[Start of Attachment]

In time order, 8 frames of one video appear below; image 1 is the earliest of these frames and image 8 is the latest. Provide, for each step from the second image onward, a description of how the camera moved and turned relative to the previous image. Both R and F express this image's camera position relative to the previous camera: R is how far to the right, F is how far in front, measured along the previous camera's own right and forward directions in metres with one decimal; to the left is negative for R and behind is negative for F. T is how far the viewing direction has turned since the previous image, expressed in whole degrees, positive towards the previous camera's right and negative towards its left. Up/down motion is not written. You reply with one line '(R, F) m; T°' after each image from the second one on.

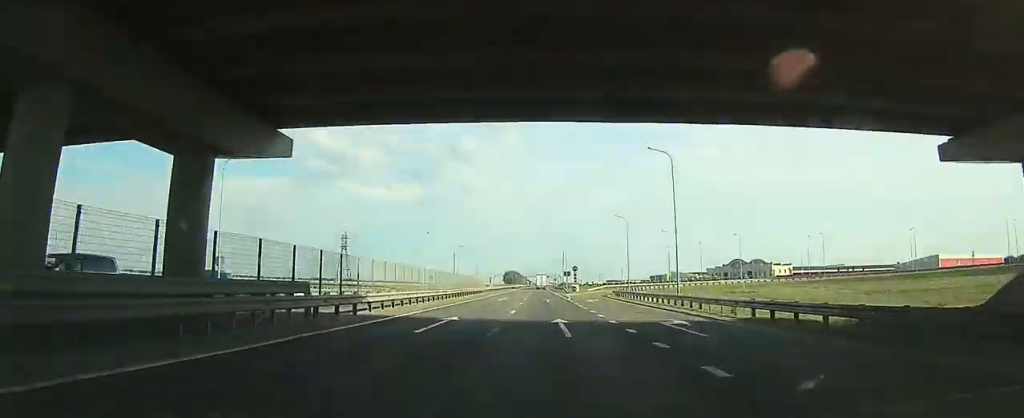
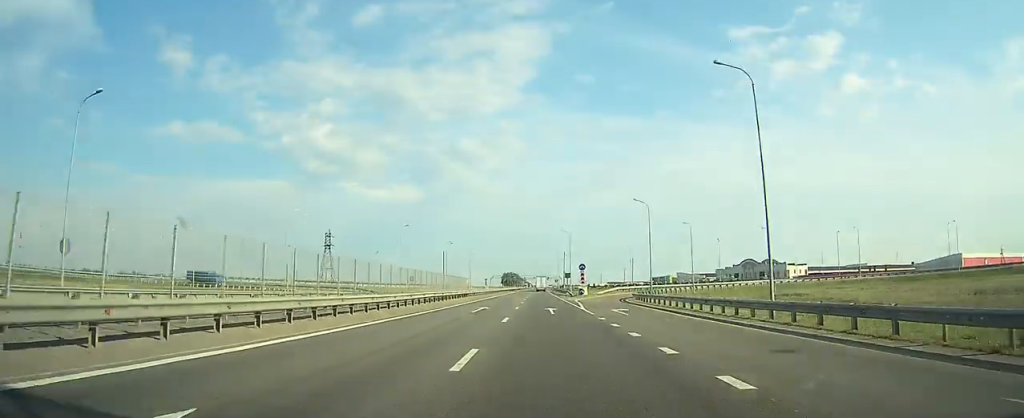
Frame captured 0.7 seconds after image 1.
(-0.1, +17.1) m; 0°
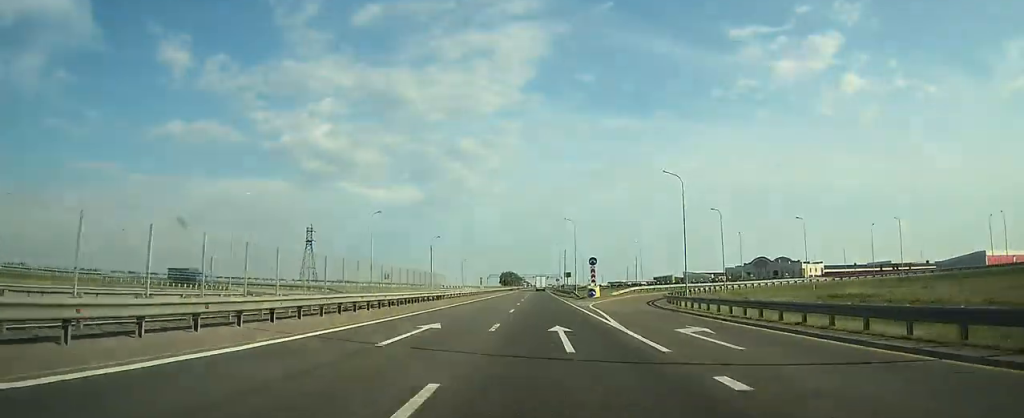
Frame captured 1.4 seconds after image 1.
(+0.1, +16.3) m; 0°
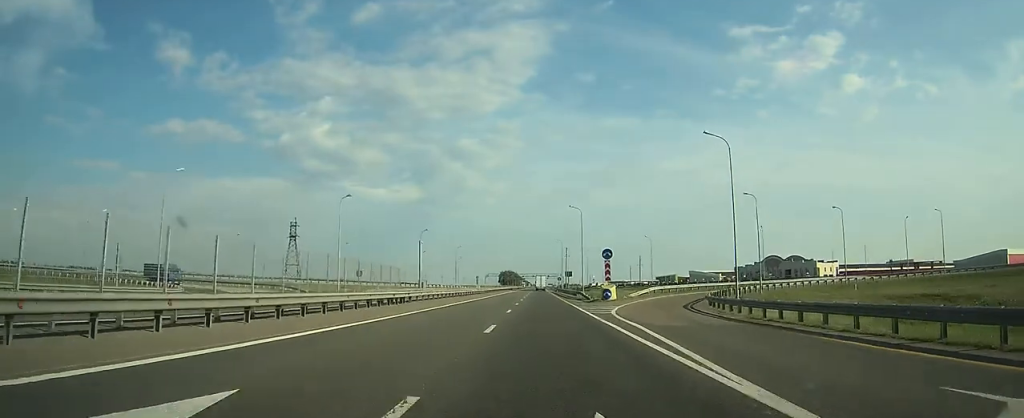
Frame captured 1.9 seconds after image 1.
(0.0, +13.0) m; 0°
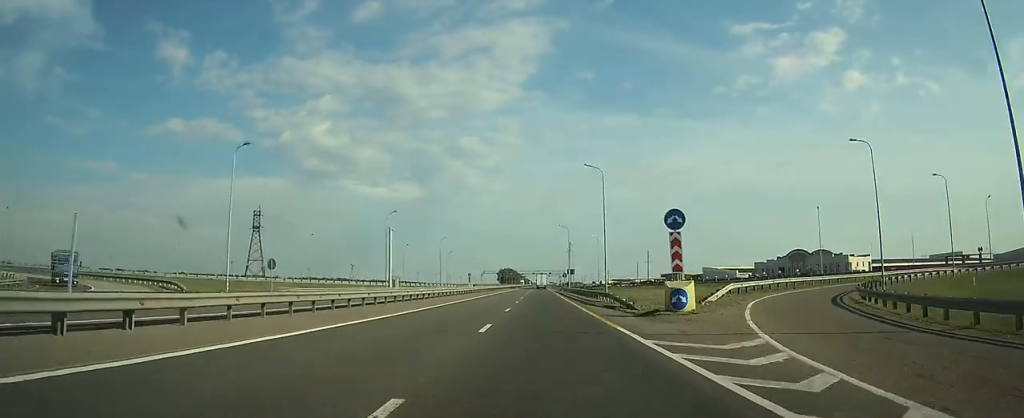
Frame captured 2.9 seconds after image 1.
(0.0, +24.4) m; 0°
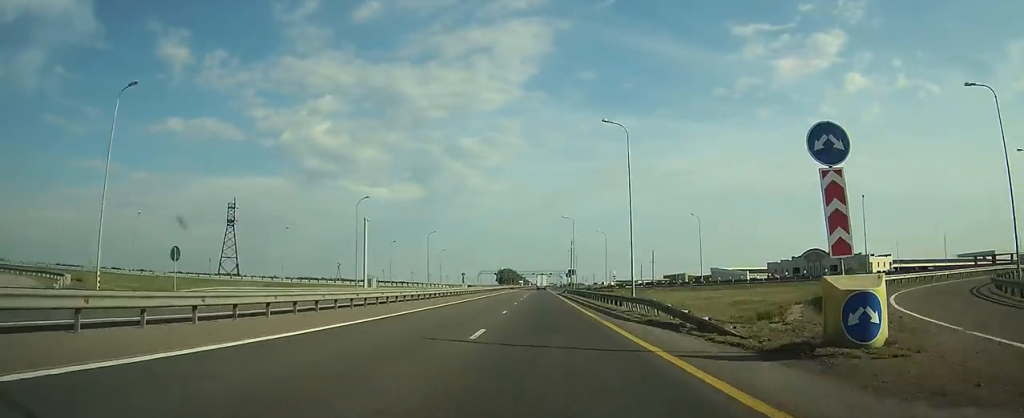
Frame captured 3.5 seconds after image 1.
(0.0, +13.8) m; 0°
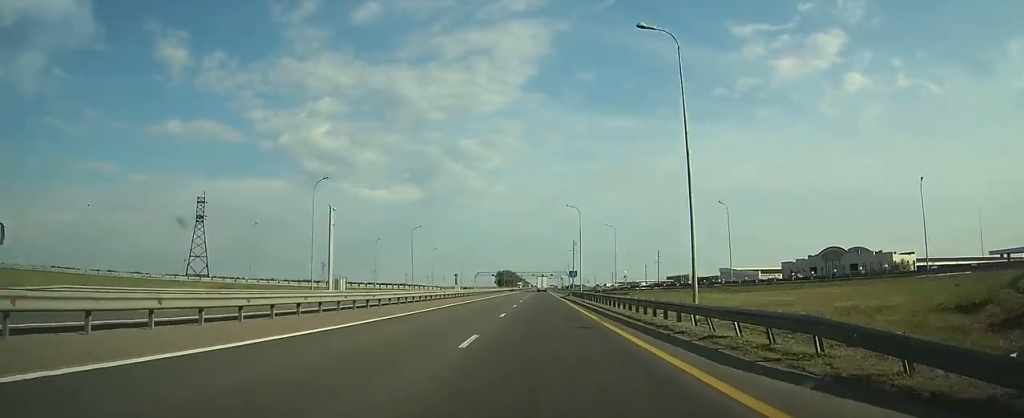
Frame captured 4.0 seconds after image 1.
(0.0, +13.8) m; 0°
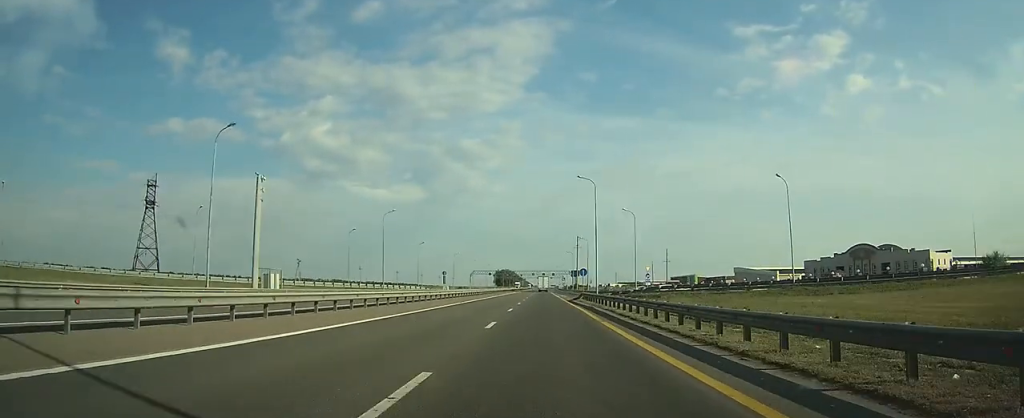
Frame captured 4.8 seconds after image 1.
(0.0, +18.7) m; 0°
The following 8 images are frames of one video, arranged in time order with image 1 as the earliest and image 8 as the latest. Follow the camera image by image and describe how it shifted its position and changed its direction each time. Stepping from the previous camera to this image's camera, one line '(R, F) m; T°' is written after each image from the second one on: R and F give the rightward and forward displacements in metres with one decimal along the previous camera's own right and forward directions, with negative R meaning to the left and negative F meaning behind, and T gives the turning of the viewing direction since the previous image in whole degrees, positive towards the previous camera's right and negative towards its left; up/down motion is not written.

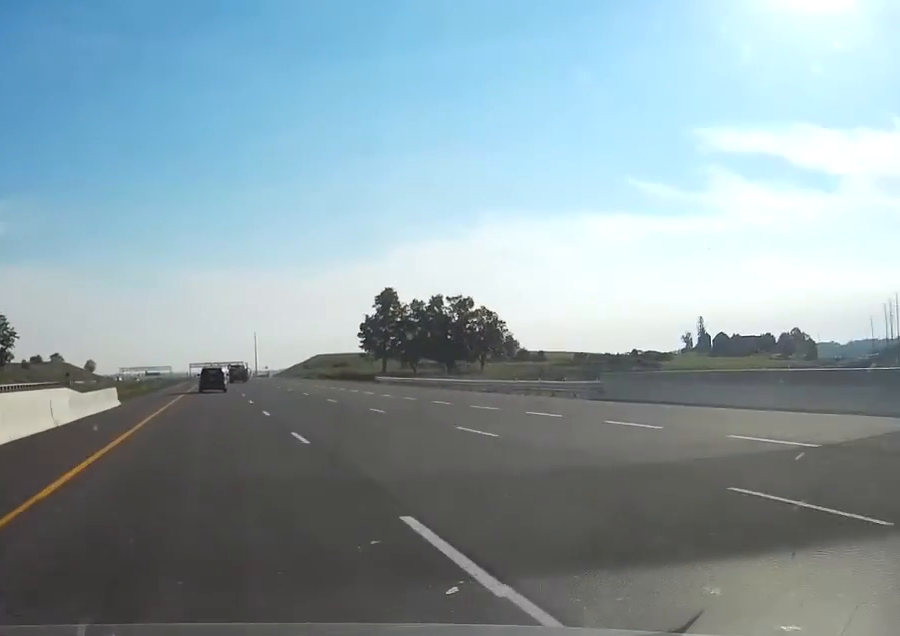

[End of Attachment]

**ACTIVITY:** Leave the images aside and retype each line of the listing above exactly.

**SOLUTION TO THIS EXERCISE:**
In time order, 8 frames of one video appear below; image 1 is the earliest of these frames and image 8 is the latest. Provide, for each step from the second image onward, a description of how the camera moved and turned relative to the previous image. Both R and F express this image's camera position relative to the previous camera: R is how far to the right, F is how far in front, measured along the previous camera's own right and forward directions in metres with one decimal; to the left is negative for R and behind is negative for F. T is how far the viewing direction has turned since the previous image, expressed in whole degrees, positive towards the previous camera's right and negative towards its left. Up/down motion is not written. You reply with one line '(R, F) m; T°' after each image from the second one on.

Frame captured 0.7 seconds after image 1.
(-0.1, +17.1) m; 0°
Frame captured 1.4 seconds after image 1.
(+0.1, +16.3) m; 0°
Frame captured 1.9 seconds after image 1.
(0.0, +13.0) m; 0°
Frame captured 2.9 seconds after image 1.
(0.0, +24.4) m; 0°
Frame captured 3.5 seconds after image 1.
(0.0, +13.8) m; 0°
Frame captured 4.0 seconds after image 1.
(0.0, +13.8) m; 0°
Frame captured 4.8 seconds after image 1.
(0.0, +18.7) m; 0°
The following 8 images are frames of one video, arranged in time order with image 1 as the earliest and image 8 as the latest. Follow the camera image by image and describe how it shifted its position and changed its direction each time. Stepping from the previous camera to this image's camera, one line '(R, F) m; T°' is written after each image from the second one on: R and F give the rightward and forward displacements in metres with one decimal along the previous camera's own right and forward directions, with negative R meaning to the left and negative F meaning behind, and T gives the turning of the viewing direction since the previous image in whole degrees, positive towards the previous camera's right and negative towards its left; up/down motion is not written.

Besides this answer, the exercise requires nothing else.